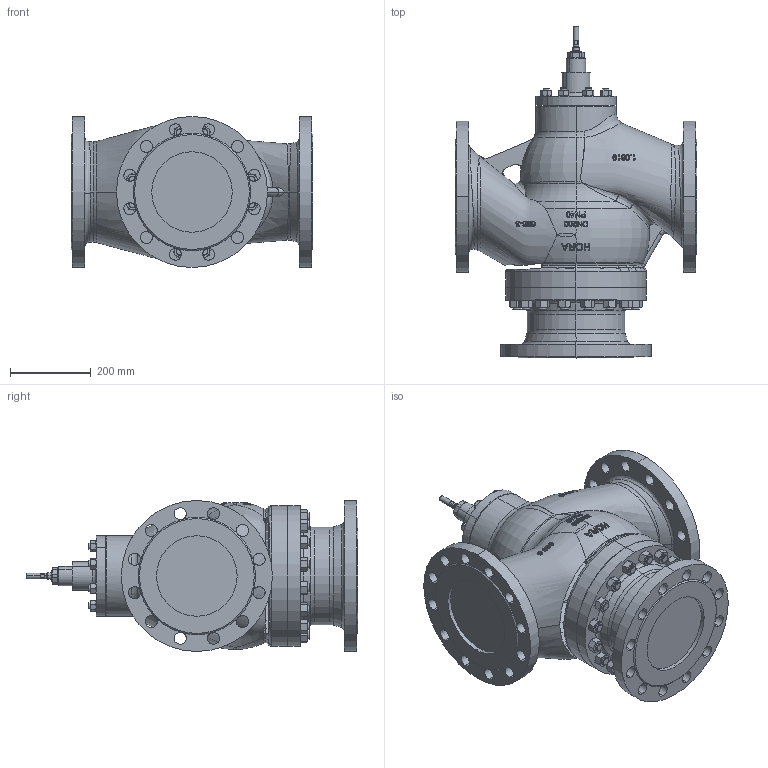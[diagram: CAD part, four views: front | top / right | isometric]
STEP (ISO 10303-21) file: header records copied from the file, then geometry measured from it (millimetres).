
FILE_DESCRIPTION (( 'STEP AP203' ), '1' );
FILE_NAME ('BR340S DN200 XXX PN40 for MC_STEP (Defeature).STEP', '2015-03-10T14:43:05', ( 'HORA' ), ( 'Holter Regelamaturen GmbH & Co. KG' ), 'SwSTEP 2.0', 'SolidWorks 2014', '' );
FILE_SCHEMA (( 'CONFIG_CONTROL_DESIGN' ));
Products named in the file (1): BR340S DN200 XXX PN40 for MC_STEP (Defeature)
Bounding box: 600 x 824 x 375 mm (x, y, z)
Surface area: 1678778.2 mm2 (no closed solid volume)
Topology: 0 solids, 1 shells, 1244 faces, 3205 edges, 2017 vertices
Faces by surface type: cone 365, plane 357, bspline 229, cylinder 218, torus 75
Entity records: 273375 total; most frequent: CARTESIAN_POINT 245269, ORIENTED_EDGE 6406, DIRECTION 5008, EDGE_CURVE 3203, AXIS2_PLACEMENT_3D 2125, VERTEX_POINT 2017, EDGE_LOOP 1424, B_SPLINE_CURVE_WITH_KNOTS 1334
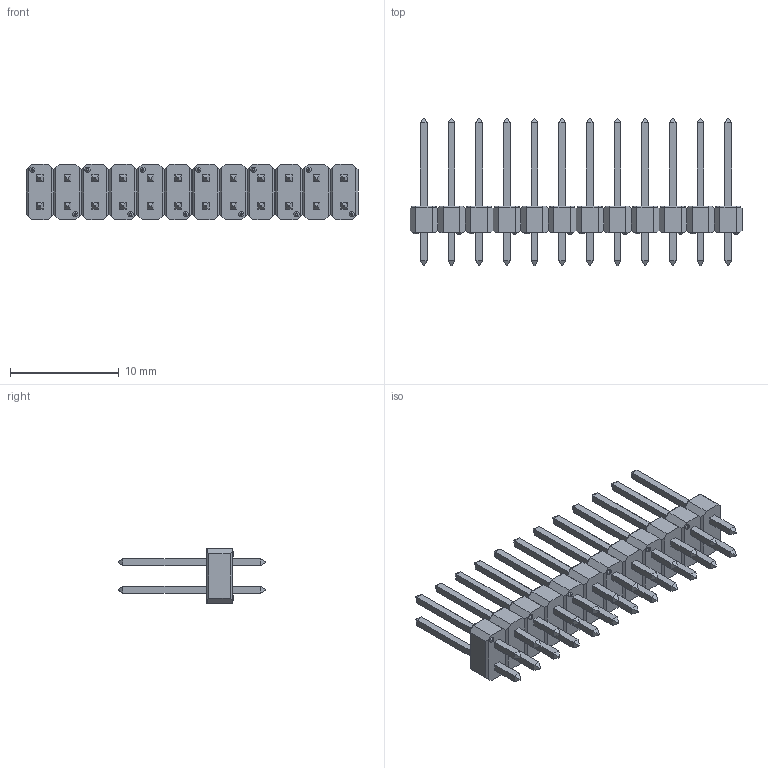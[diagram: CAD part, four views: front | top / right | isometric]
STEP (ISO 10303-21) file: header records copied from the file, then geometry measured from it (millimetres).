
FILE_DESCRIPTION (( 'STEP AP214' ), '1' );
FILE_NAME ('PBC12DFAN.STEP', '2018-02-06T20:21:31', ( '' ), ( '' ), 'SwSTEP 2.0', 'SolidWorks 2014', '' );
FILE_SCHEMA (( 'AUTOMOTIVE_DESIGN' ));
Length unit declared in the file: millimetre
Products named in the file (2): Dual TH withbump format; PBC12DFAN
Assembly tree (12 placements, depth 2):
  PBC12DFAN
    Dual TH withbump format  x12
Bounding box: 30.48 x 13.53 x 5.08 mm (x, y, z)
Volume: 457.5 mm3; surface area: 1363.4 mm2
Topology: 60 solids, 60 shells, 780 faces, 1704 edges, 1056 vertices
Faces by surface type: plane 660, cylinder 96, torus 24
Entity records: 2044 total; most frequent: CARTESIAN_POINT 346, DIRECTION 296, ORIENTED_EDGE 284, EDGE_CURVE 142, VECTOR 124, LINE 124, VERTEX_POINT 88, AXIS2_PLACEMENT_3D 86
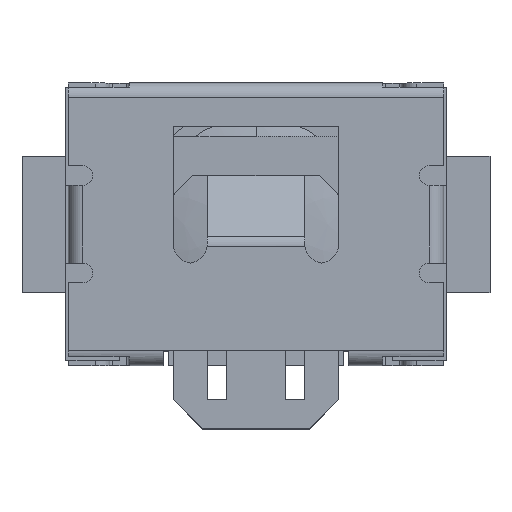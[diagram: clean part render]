
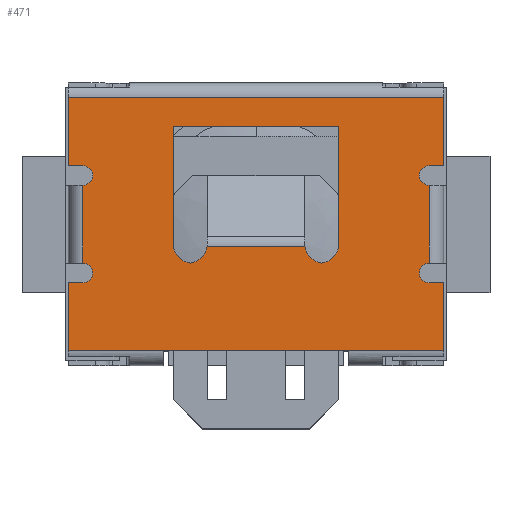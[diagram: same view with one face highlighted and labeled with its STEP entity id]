
A CAD part, top view. The second image highlights one B-rep face of the part: STEP entity #471.
In plain terms, the highlighted planar face has unit normal (0, 0, 1).
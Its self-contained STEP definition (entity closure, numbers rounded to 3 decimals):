
#471=ADVANCED_FACE('',(#1336,#1337),#1338,.T.);
#1336=FACE_OUTER_BOUND('',#2418,.T.);
#1337=FACE_BOUND('',#2419,.T.);
#1338=PLANE('',#2420);
#2418=EDGE_LOOP('',(#5911,#5912,#5913,#5914,#5915,#5916,#5917,#5918,#5919,#5920,#5921,#5922,#5923,#5924,#5925,#5926,#5927,#5928));
#2419=EDGE_LOOP('',(#5929,#5930,#5931,#5932,#5933,#5934,#5935,#5936,#5937,#5938));
#2420=AXIS2_PLACEMENT_3D('',#5939,#5940,#5941);
#5911=ORIENTED_EDGE('',*,*,#7651,.T.);
#5912=ORIENTED_EDGE('',*,*,#7652,.T.);
#5913=ORIENTED_EDGE('',*,*,#7653,.T.);
#5914=ORIENTED_EDGE('',*,*,#7654,.T.);
#5915=ORIENTED_EDGE('',*,*,#7655,.F.);
#5916=ORIENTED_EDGE('',*,*,#7656,.T.);
#5917=ORIENTED_EDGE('',*,*,#7657,.F.);
#5918=ORIENTED_EDGE('',*,*,#7658,.F.);
#5919=ORIENTED_EDGE('',*,*,#7659,.T.);
#5920=ORIENTED_EDGE('',*,*,#7602,.F.);
#5921=ORIENTED_EDGE('',*,*,#7660,.F.);
#5922=ORIENTED_EDGE('',*,*,#7650,.T.);
#5923=ORIENTED_EDGE('',*,*,#7647,.F.);
#5924=ORIENTED_EDGE('',*,*,#7661,.F.);
#5925=ORIENTED_EDGE('',*,*,#7662,.F.);
#5926=ORIENTED_EDGE('',*,*,#7663,.F.);
#5927=ORIENTED_EDGE('',*,*,#7664,.F.);
#5928=ORIENTED_EDGE('',*,*,#7665,.T.);
#5929=ORIENTED_EDGE('',*,*,#7666,.T.);
#5930=ORIENTED_EDGE('',*,*,#7667,.T.);
#5931=ORIENTED_EDGE('',*,*,#7668,.T.);
#5932=ORIENTED_EDGE('',*,*,#7669,.T.);
#5933=ORIENTED_EDGE('',*,*,#7670,.F.);
#5934=ORIENTED_EDGE('',*,*,#7671,.T.);
#5935=ORIENTED_EDGE('',*,*,#7672,.T.);
#5936=ORIENTED_EDGE('',*,*,#7673,.T.);
#5937=ORIENTED_EDGE('',*,*,#7674,.T.);
#5938=ORIENTED_EDGE('',*,*,#7675,.T.);
#5939=CARTESIAN_POINT('',(-1.925,-1.45,1.45));
#5940=DIRECTION('',(0.0,0.0,1.0));
#5941=DIRECTION('',(0.0,-1.0,0.0));
#7602=EDGE_CURVE('',#9583,#9585,#9586,.T.);
#7647=EDGE_CURVE('',#9665,#9668,#9669,.T.);
#7650=EDGE_CURVE('',#9671,#9668,#9673,.T.);
#7651=EDGE_CURVE('',#9674,#9675,#9676,.T.);
#7652=EDGE_CURVE('',#9675,#9677,#9678,.T.);
#7653=EDGE_CURVE('',#9677,#9679,#9680,.T.);
#7654=EDGE_CURVE('',#9679,#9681,#9682,.T.);
#7655=EDGE_CURVE('',#9683,#9681,#9684,.T.);
#7656=EDGE_CURVE('',#9683,#9685,#9686,.T.);
#7657=EDGE_CURVE('',#9687,#9685,#9688,.T.);
#7658=EDGE_CURVE('',#9689,#9687,#9690,.T.);
#7659=EDGE_CURVE('',#9689,#9585,#9691,.T.);
#7660=EDGE_CURVE('',#9671,#9583,#9692,.T.);
#7661=EDGE_CURVE('',#9693,#9665,#9694,.T.);
#7662=EDGE_CURVE('',#9695,#9693,#9696,.T.);
#7663=EDGE_CURVE('',#9697,#9695,#9698,.T.);
#7664=EDGE_CURVE('',#9699,#9697,#9700,.T.);
#7665=EDGE_CURVE('',#9699,#9674,#9701,.T.);
#7666=EDGE_CURVE('',#9702,#9703,#9704,.T.);
#7667=EDGE_CURVE('',#9703,#9705,#9706,.T.);
#7668=EDGE_CURVE('',#9705,#9707,#9708,.T.);
#7669=EDGE_CURVE('',#9707,#9709,#9710,.T.);
#7670=EDGE_CURVE('',#9711,#9709,#9712,.T.);
#7671=EDGE_CURVE('',#9711,#9713,#9714,.T.);
#7672=EDGE_CURVE('',#9713,#9715,#9716,.T.);
#7673=EDGE_CURVE('',#9715,#9717,#9718,.T.);
#7674=EDGE_CURVE('',#9717,#9719,#9720,.T.);
#7675=EDGE_CURVE('',#9719,#9702,#9721,.T.);
#9583=VERTEX_POINT('',#12698);
#9585=VERTEX_POINT('',#12700);
#9586=LINE('',#12701,#12702);
#9665=VERTEX_POINT('',#12813);
#9668=VERTEX_POINT('',#12817);
#9669=CIRCLE('',#12818,0.1);
#9671=VERTEX_POINT('',#12821);
#9673=LINE('',#12824,#12825);
#9674=VERTEX_POINT('',#12826);
#9675=VERTEX_POINT('',#12827);
#9676=LINE('',#12828,#12829);
#9677=VERTEX_POINT('',#12830);
#9678=LINE('',#12831,#12832);
#9679=VERTEX_POINT('',#12833);
#9680=LINE('',#12834,#12835);
#9681=VERTEX_POINT('',#12836);
#9682=LINE('',#12837,#12838);
#9683=VERTEX_POINT('',#12839);
#9684=CIRCLE('',#12840,0.1);
#9685=VERTEX_POINT('',#12841);
#9686=LINE('',#12842,#12843);
#9687=VERTEX_POINT('',#12844);
#9688=CIRCLE('',#12845,0.1);
#9689=VERTEX_POINT('',#12846);
#9690=LINE('',#12847,#12848);
#9691=LINE('',#12849,#12850);
#9692=LINE('',#12851,#12852);
#9693=VERTEX_POINT('',#12853);
#9694=LINE('',#12854,#12855);
#9695=VERTEX_POINT('',#12856);
#9696=CIRCLE('',#12857,0.1);
#9697=VERTEX_POINT('',#12858);
#9698=LINE('',#12859,#12860);
#9699=VERTEX_POINT('',#12861);
#9700=LINE('',#12862,#12863);
#9701=LINE('',#12864,#12865);
#9702=VERTEX_POINT('',#12866);
#9703=VERTEX_POINT('',#12867);
#9704=CIRCLE('',#12868,0.2);
#9705=VERTEX_POINT('',#12869);
#9706=CIRCLE('',#12870,0.2);
#9707=VERTEX_POINT('',#12871);
#9708=LINE('',#12872,#12873);
#9709=VERTEX_POINT('',#12874);
#9710=LINE('',#12875,#12876);
#9711=VERTEX_POINT('',#12877);
#9712=LINE('',#12878,#12879);
#9713=VERTEX_POINT('',#12880);
#9714=LINE('',#12881,#12882);
#9715=VERTEX_POINT('',#12883);
#9716=LINE('',#12884,#12885);
#9717=VERTEX_POINT('',#12886);
#9718=CIRCLE('',#12887,0.2);
#9719=VERTEX_POINT('',#12888);
#9720=CIRCLE('',#12889,0.2);
#9721=LINE('',#12890,#12891);
#12698=CARTESIAN_POINT('',(-1.925,1.3,1.45));
#12700=CARTESIAN_POINT('',(1.925,1.3,1.45));
#12701=CARTESIAN_POINT('',(-1.925,1.3,1.45));
#12702=VECTOR('',#14653,3.85);
#12813=CARTESIAN_POINT('',(-1.775,0.4,1.45));
#12817=CARTESIAN_POINT('',(-1.775,0.6,1.45));
#12818=AXIS2_PLACEMENT_3D('',#14720,#14721,#14722);
#12821=CARTESIAN_POINT('',(-1.925,0.6,1.45));
#12824=CARTESIAN_POINT('',(-1.925,0.6,1.45));
#12825=VECTOR('',#14725,0.15);
#12826=CARTESIAN_POINT('',(-0.95,-1.3,1.45));
#12827=CARTESIAN_POINT('',(0.95,-1.3,1.45));
#12828=CARTESIAN_POINT('',(-0.95,-1.3,1.45));
#12829=VECTOR('',#14726,1.9);
#12830=CARTESIAN_POINT('',(1.925,-1.3,1.45));
#12831=CARTESIAN_POINT('',(0.95,-1.3,1.45));
#12832=VECTOR('',#14727,0.975);
#12833=CARTESIAN_POINT('',(1.925,-0.6,1.45));
#12834=CARTESIAN_POINT('',(1.925,-1.3,1.45));
#12835=VECTOR('',#14728,0.7);
#12836=CARTESIAN_POINT('',(1.775,-0.6,1.45));
#12837=CARTESIAN_POINT('',(1.925,-0.6,1.45));
#12838=VECTOR('',#14729,0.15);
#12839=CARTESIAN_POINT('',(1.775,-0.4,1.45));
#12840=AXIS2_PLACEMENT_3D('',#14730,#14731,#14732);
#12841=CARTESIAN_POINT('',(1.775,0.4,1.45));
#12842=CARTESIAN_POINT('',(1.775,-0.4,1.45));
#12843=VECTOR('',#14733,0.8);
#12844=CARTESIAN_POINT('',(1.775,0.6,1.45));
#12845=AXIS2_PLACEMENT_3D('',#14734,#14735,#14736);
#12846=CARTESIAN_POINT('',(1.925,0.6,1.45));
#12847=CARTESIAN_POINT('',(1.925,0.6,1.45));
#12848=VECTOR('',#14737,0.15);
#12849=CARTESIAN_POINT('',(1.925,0.6,1.45));
#12850=VECTOR('',#14738,0.7);
#12851=CARTESIAN_POINT('',(-1.925,0.6,1.45));
#12852=VECTOR('',#14739,0.7);
#12853=CARTESIAN_POINT('',(-1.775,-0.4,1.45));
#12854=CARTESIAN_POINT('',(-1.775,-0.4,1.45));
#12855=VECTOR('',#14740,0.8);
#12856=CARTESIAN_POINT('',(-1.775,-0.6,1.45));
#12857=AXIS2_PLACEMENT_3D('',#14741,#14742,#14743);
#12858=CARTESIAN_POINT('',(-1.925,-0.6,1.45));
#12859=CARTESIAN_POINT('',(-1.925,-0.6,1.45));
#12860=VECTOR('',#14744,0.15);
#12861=CARTESIAN_POINT('',(-1.925,-1.3,1.45));
#12862=CARTESIAN_POINT('',(-1.925,-1.3,1.45));
#12863=VECTOR('',#14745,0.7);
#12864=CARTESIAN_POINT('',(-1.925,-1.3,1.45));
#12865=VECTOR('',#14746,0.975);
#12866=CARTESIAN_POINT('',(-0.502,-0.23,1.45));
#12867=CARTESIAN_POINT('',(-0.675,-0.398,1.45));
#12868=AXIS2_PLACEMENT_3D('',#14747,#14748,#14749);
#12869=CARTESIAN_POINT('',(-0.85,-0.2,1.45));
#12870=AXIS2_PLACEMENT_3D('',#14750,#14751,#14752);
#12871=CARTESIAN_POINT('',(-0.85,1.0,1.45));
#12872=CARTESIAN_POINT('',(-0.85,-0.2,1.45));
#12873=VECTOR('',#14753,1.2);
#12874=CARTESIAN_POINT('',(-0.5,1.0,1.45));
#12875=CARTESIAN_POINT('',(-0.85,1.0,1.45));
#12876=VECTOR('',#14754,0.35);
#12877=CARTESIAN_POINT('',(0.5,1.0,1.45));
#12878=CARTESIAN_POINT('',(0.5,1.0,1.45));
#12879=VECTOR('',#14755,1.0);
#12880=CARTESIAN_POINT('',(0.85,1.0,1.45));
#12881=CARTESIAN_POINT('',(0.5,1.0,1.45));
#12882=VECTOR('',#14756,0.35);
#12883=CARTESIAN_POINT('',(0.85,-0.2,1.45));
#12884=CARTESIAN_POINT('',(0.85,1.0,1.45));
#12885=VECTOR('',#14757,1.2);
#12886=CARTESIAN_POINT('',(0.675,-0.398,1.45));
#12887=AXIS2_PLACEMENT_3D('',#14758,#14759,#14760);
#12888=CARTESIAN_POINT('',(0.502,-0.23,1.45));
#12889=AXIS2_PLACEMENT_3D('',#14761,#14762,#14763);
#12890=CARTESIAN_POINT('',(0.502,-0.23,1.45));
#12891=VECTOR('',#14764,0.002);
#14653=DIRECTION('',(1.0,0.0,0.0));
#14720=CARTESIAN_POINT('',(-1.775,0.5,1.45));
#14721=DIRECTION('',(0.0,0.0,1.0));
#14722=DIRECTION('',(0.0,-1.0,0.0));
#14725=DIRECTION('',(1.0,0.0,0.0));
#14726=DIRECTION('',(1.0,0.0,0.0));
#14727=DIRECTION('',(1.0,0.0,0.0));
#14728=DIRECTION('',(0.0,1.0,0.0));
#14729=DIRECTION('',(-1.0,0.0,0.0));
#14730=CARTESIAN_POINT('',(1.775,-0.5,1.45));
#14731=DIRECTION('',(0.0,-0.0,1.0));
#14732=DIRECTION('',(0.0,1.0,0.0));
#14733=DIRECTION('',(0.0,1.0,0.0));
#14734=CARTESIAN_POINT('',(1.775,0.5,1.45));
#14735=DIRECTION('',(0.0,-0.0,1.0));
#14736=DIRECTION('',(0.0,1.0,0.0));
#14737=DIRECTION('',(-1.0,0.0,0.0));
#14738=DIRECTION('',(0.0,1.0,0.0));
#14739=DIRECTION('',(0.0,1.0,0.0));
#14740=DIRECTION('',(0.0,1.0,0.0));
#14741=CARTESIAN_POINT('',(-1.775,-0.5,1.45));
#14742=DIRECTION('',(0.0,0.0,1.0));
#14743=DIRECTION('',(0.0,-1.0,0.0));
#14744=DIRECTION('',(1.0,0.0,0.0));
#14745=DIRECTION('',(0.0,1.0,0.0));
#14746=DIRECTION('',(1.0,0.0,0.0));
#14747=CARTESIAN_POINT('',(-0.7,-0.2,1.45));
#14748=DIRECTION('',(0.0,0.0,-1.0));
#14749=DIRECTION('',(0.989,-0.15,0.0));
#14750=CARTESIAN_POINT('',(-0.65,-0.2,1.45));
#14751=DIRECTION('',(-0.0,0.0,-1.0));
#14752=DIRECTION('',(-0.125,-0.992,0.0));
#14753=DIRECTION('',(0.0,1.0,0.0));
#14754=DIRECTION('',(1.0,0.0,0.0));
#14755=DIRECTION('',(-1.0,0.0,0.0));
#14756=DIRECTION('',(1.0,0.0,0.0));
#14757=DIRECTION('',(0.0,-1.0,0.0));
#14758=CARTESIAN_POINT('',(0.65,-0.2,1.45));
#14759=DIRECTION('',(0.0,0.0,-1.0));
#14760=DIRECTION('',(1.0,0.0,0.0));
#14761=CARTESIAN_POINT('',(0.7,-0.2,1.45));
#14762=DIRECTION('',(-0.0,0.0,-1.0));
#14763=DIRECTION('',(-0.125,-0.992,0.0));
#14764=DIRECTION('',(-1.0,0.,0.0));

•••

• Task directions:
Would you reproduce the lines above, from the very first through the line containing "FILE_NAME ('BR340S DN200", exactly and without the pictures?

• Response area:
[diagram: CAD part, four views: front | top / right | isometric]
STEP (ISO 10303-21) file: header records copied from the file, then geometry measured from it (millimetres).
FILE_DESCRIPTION (( 'STEP AP203' ), '1' );
FILE_NAME ('BR340S DN200 XXX PN40 for MC_STEP (Defeature).STEP', '2015-03-10T14:43:05', ( 'HORA' ), ( 'Holter Regelamaturen GmbH & Co. KG' ), 'SwSTEP 2.0', 'SolidWorks 2014', '' );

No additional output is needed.